Update 2008
I'm reluctant to use this phrase but others aren't, so they manage to track down the one time I wrote about it intentionally. But I see a few other "mentalities" crept in here and here (Greek) and here (British and Australian). And I guess you can see my own mentality problem in my grumbles about Life in Britain.
Update 2009
A related version of this is the EU Neighbourhood "reality" problem which I have written about here
The Eastern European mentality problem
What is it?
A phrase describing an attitude which resists change, but is used by westerners very often to describe what they regard as typical characteristics of people who have lived under communism.
What are the symptoms?
An unwillingness to change, a tendency to passive disruption or sabotage, not sharing the same assumptions about what is important in life (the need to get rich quick, to become western as quickly as possible, an unwillingness to throw out the baby with the bathwater?) Wanting Moscow (the government, the Tsar, Mother?) to solve all problems for you; not believing it is possible to have an opinion yourself on what to do next.
The requirement to provide money first then what the money is needed for will be revealed afterwards. Nothing can start until the money has appeared. The exact opposite of providing a fully researched and documented business plan with investment needs and cash flows showing how loans will be paid back.

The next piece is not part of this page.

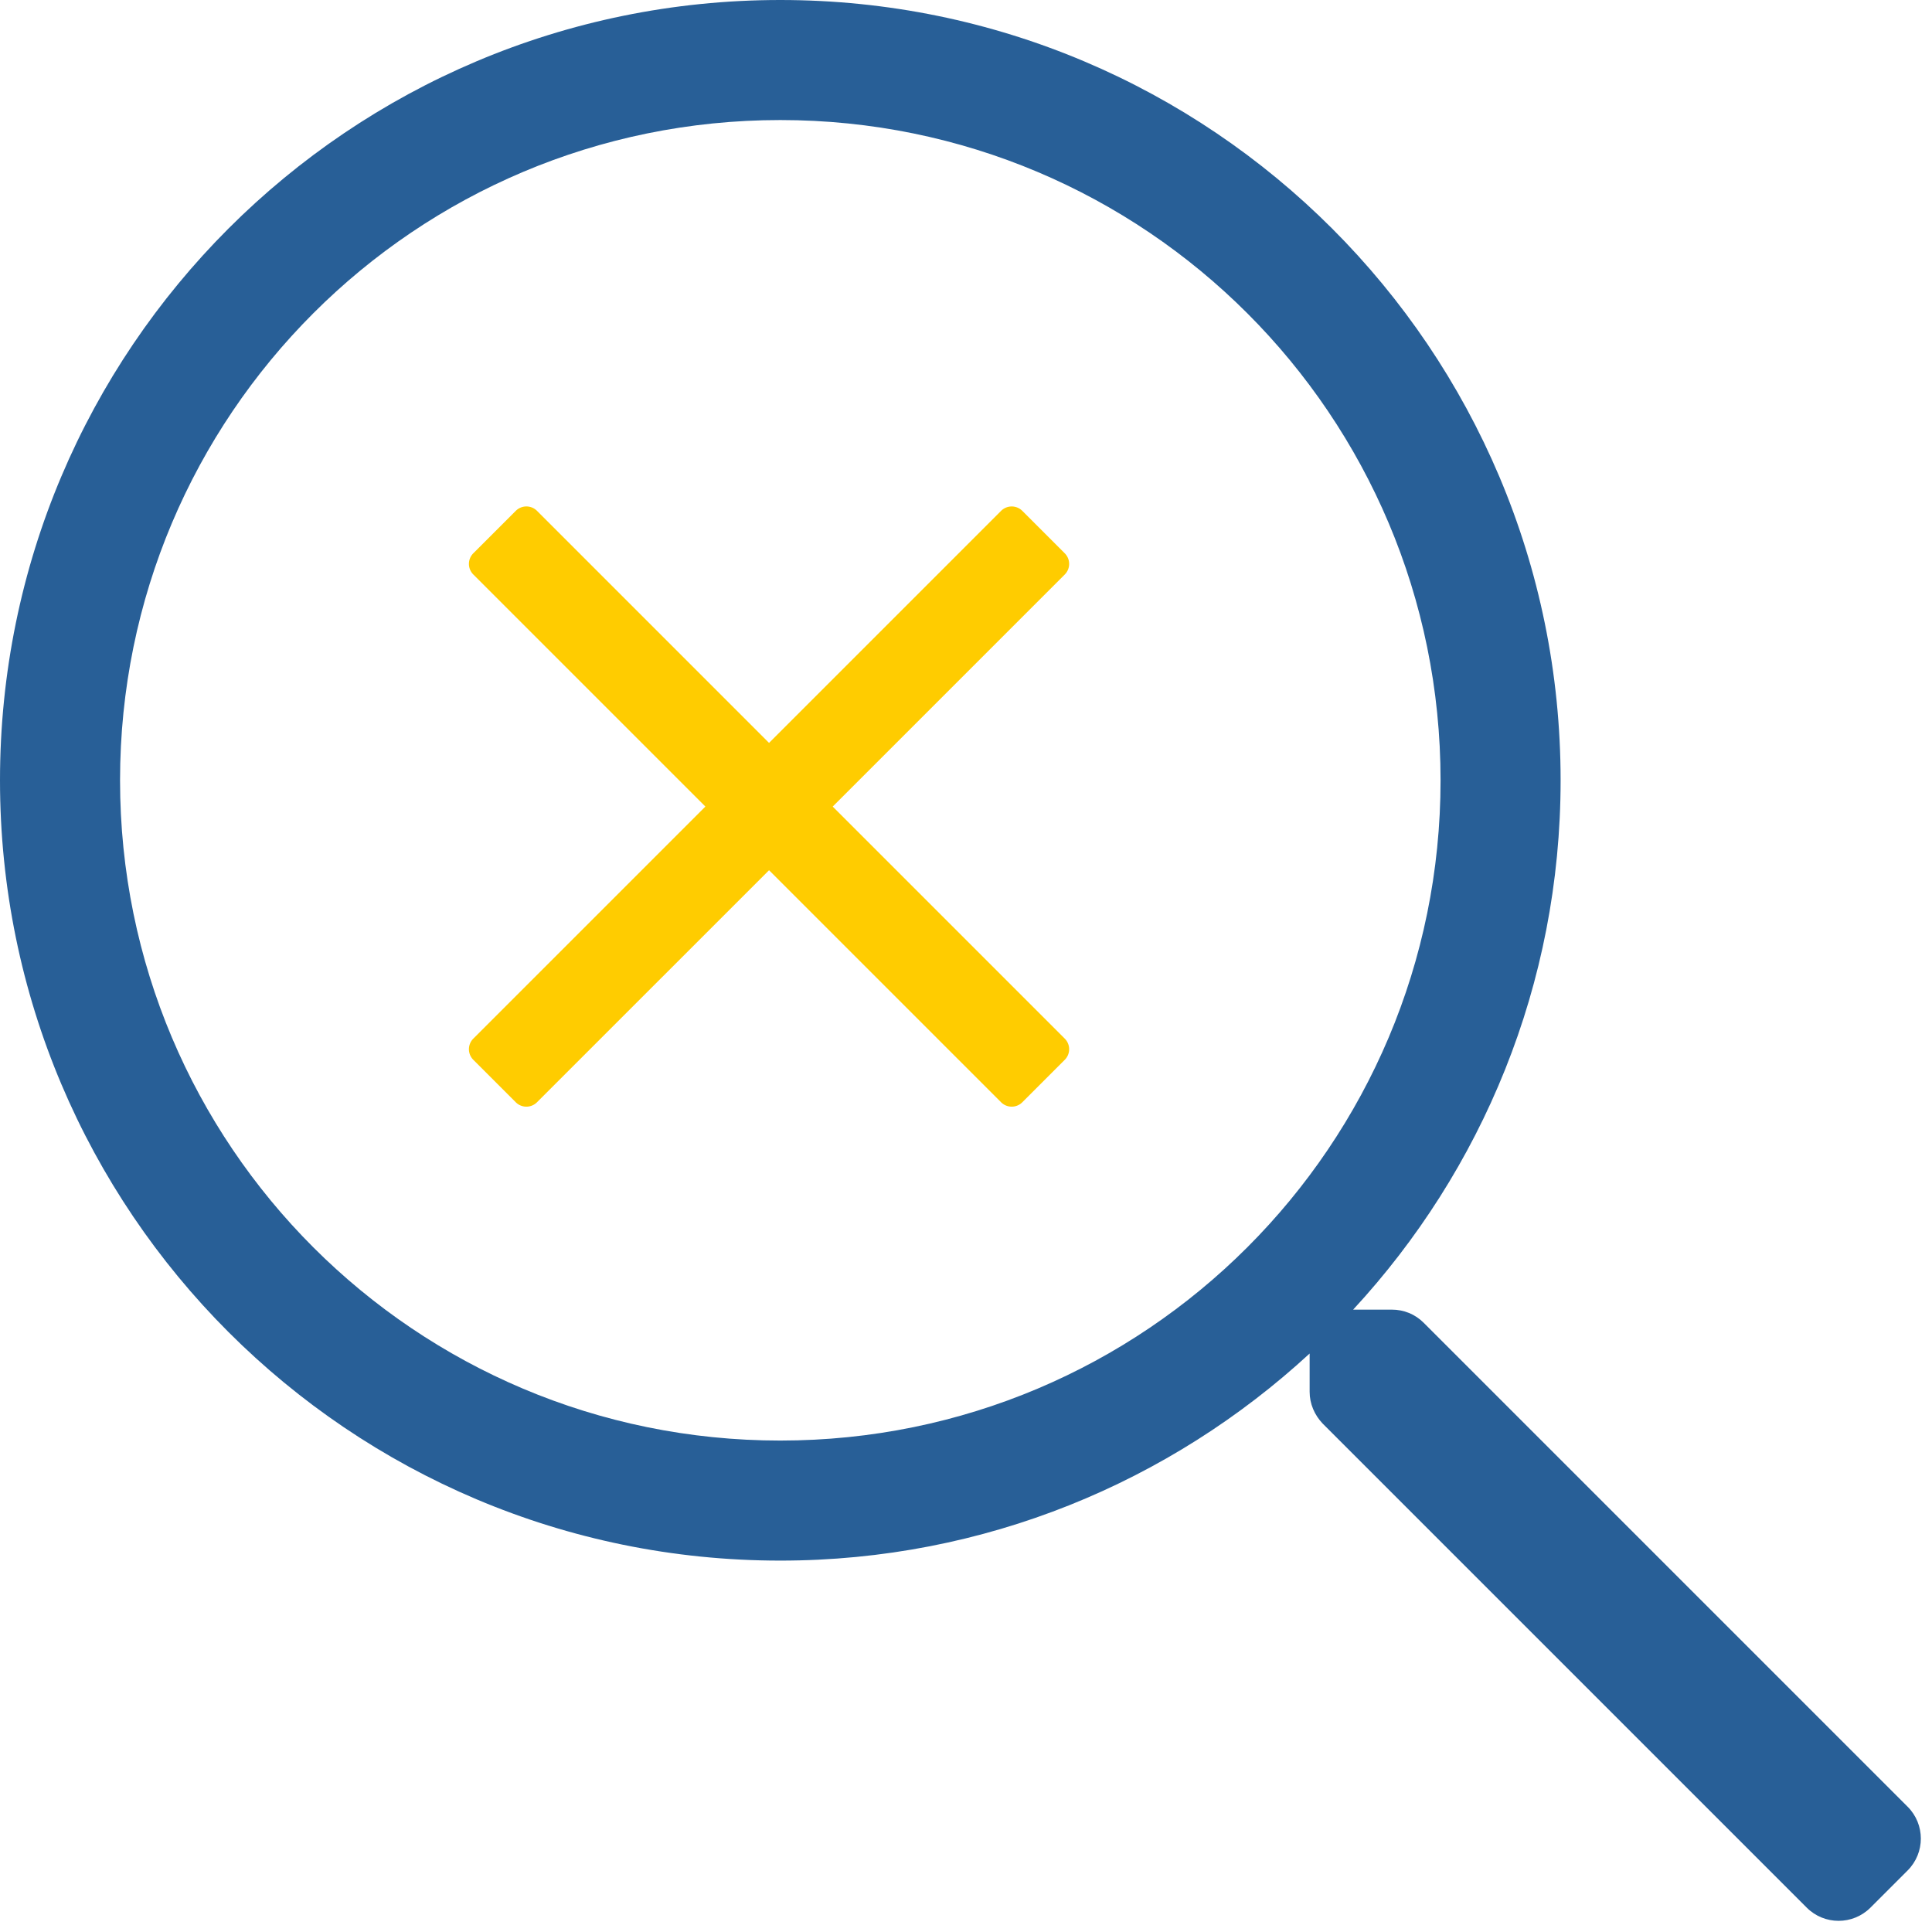 <svg width="103" height="103" xmlns="http://www.w3.org/2000/svg"><path d="M101.7 96.32l-25.8-25.8c-.46-.46-1.06-.7-1.7-.7h-2.06C79 62.4 83.2 52.5 83.2 41.6 83.2 18.62 64.58 0 41.6 0S0 18.62 0 41.6s18.62 41.6 41.6 41.6c10.9 0 20.8-4.2 28.22-11.04v2.04c0 .64.26 1.24.7 1.7l25.8 25.8c.94.94 2.46.94 3.4 0l1.98-1.98c.94-.94.94-2.46 0-3.4zM41.6 76.8c-19.46 0-35.2-15.74-35.2-35.2S22.14 6.4 41.6 6.4s35.2 15.74 35.2 35.2-15.74 35.2-35.2 35.2z" fill="#285F97"/><path d="M44.394 43L54.65 32.744l2.115-2.115a.8.8 0 000-1.131l-2.263-2.263a.8.8 0 00-1.131 0L41 39.606 28.629 27.234a.8.8 0 00-1.131 0l-2.264 2.263a.8.8 0 000 1.131L37.606 43 25.234 55.371a.8.8 0 000 1.131l2.263 2.263a.8.8 0 001.131 0L41 46.394 51.256 56.65l2.115 2.115a.8.8 0 001.131 0l2.263-2.263a.8.8 0 000-1.131L44.394 43z" fill="#FC0"/></svg>

A split personality: one a normal person, able to manage his own life (usually without drinking to excess) the other a childlike person who avoids all responsibility usually at work. Probably caused by learning to keep one’s head below the parapet, to not be shot at.
Who has it?
In my experience mainly older people. Younger people haven’t been so frustrated by the communist system, if they have known it all. And mainly men, possibly because they have had to deal with the system and have higher level posts than women. Perhaps because they have more to lose by the changes. Perhaps because women are better at dealing with contradictions and getting on with their double shift.
Who doesn’t have it?
10 years have provided the experience of real change in Eastern Europe. Many suspicious older officials have buckled down, learnt to speak English and got caught up in the general excitement of joining the EU, when finally it seemed likely to happen. The myth that it is too late to learn languages and change, has been disproved thousands of times in many countries. Of course these officials don’t become model westerners overnight, but then how many westerners are perfect either.
Do young people have it?
It seemed not, but in an enclave of Russians in Lithuania, it is alive and strong even among young people.
How do you get rid of it?
There doesn’t seem to be any known cure except extinction which doesn’t really count as a cure and takes a long time.
Why don’t all older people have it?
This is hard to answer. It’s not just ex-communists, or high level party members because many of them don’t have it.
Where does it come from?
Perhaps it stems from insecurity and an inability to understand the new rules of the game. Of course some it could be ideological, just to undermine the hated capitalism.
Documented examples
We’ll close Ignalina NPP when you have given us the money. What’s the money for? Compensation for doing something we don’t want to do. How will you pay for decommissioning otherwise? We don’t know and it’s none of your business if you’re not going to help.
But it's not only Eastern Europeans who have a mentality problem. Here is one man's own mentality problem, shared by many of us who travelled in Eastern Europe before the end of communism, from David Lodge, Thinks…..
I think I preferred Eastern Europe when it was communist and there wasn’t so much to eat, not much of anything actually, even if you were a visitor carrying hard currency…. There was a kind of bracing satisfaction to be got from exposing yourself temporarily to a life of privation. I remember walking the streets of Lodz one winter afternoon, it must have been in the seventies, in a kind of ecstasy at the total unrelieved miserableness of everything, the grimy dilapidated apartment blocks, the dirty frozen snow heaped in the gutters, the trams packed with grey-faced passengers grinding and groaning round the corners on their metal tracks, the lines of shapeless expressionless women in boots and topcoats queuing stoically outside food shops with totally empty windows and bare shelves…. It made you profoundly grateful for the British passport and airline ticket safely in your inside pocket… there’s not the same exhilarating contrast any more…
And whose fault is that?
And isn't the French and the Germans not wanting the Anglo-Saxon model of work also a mentality problem? A big irony that they are now afraid of the new Member States because they want to work harder now.
On the other hand it could be the difference between 45 years and 75 years of communism.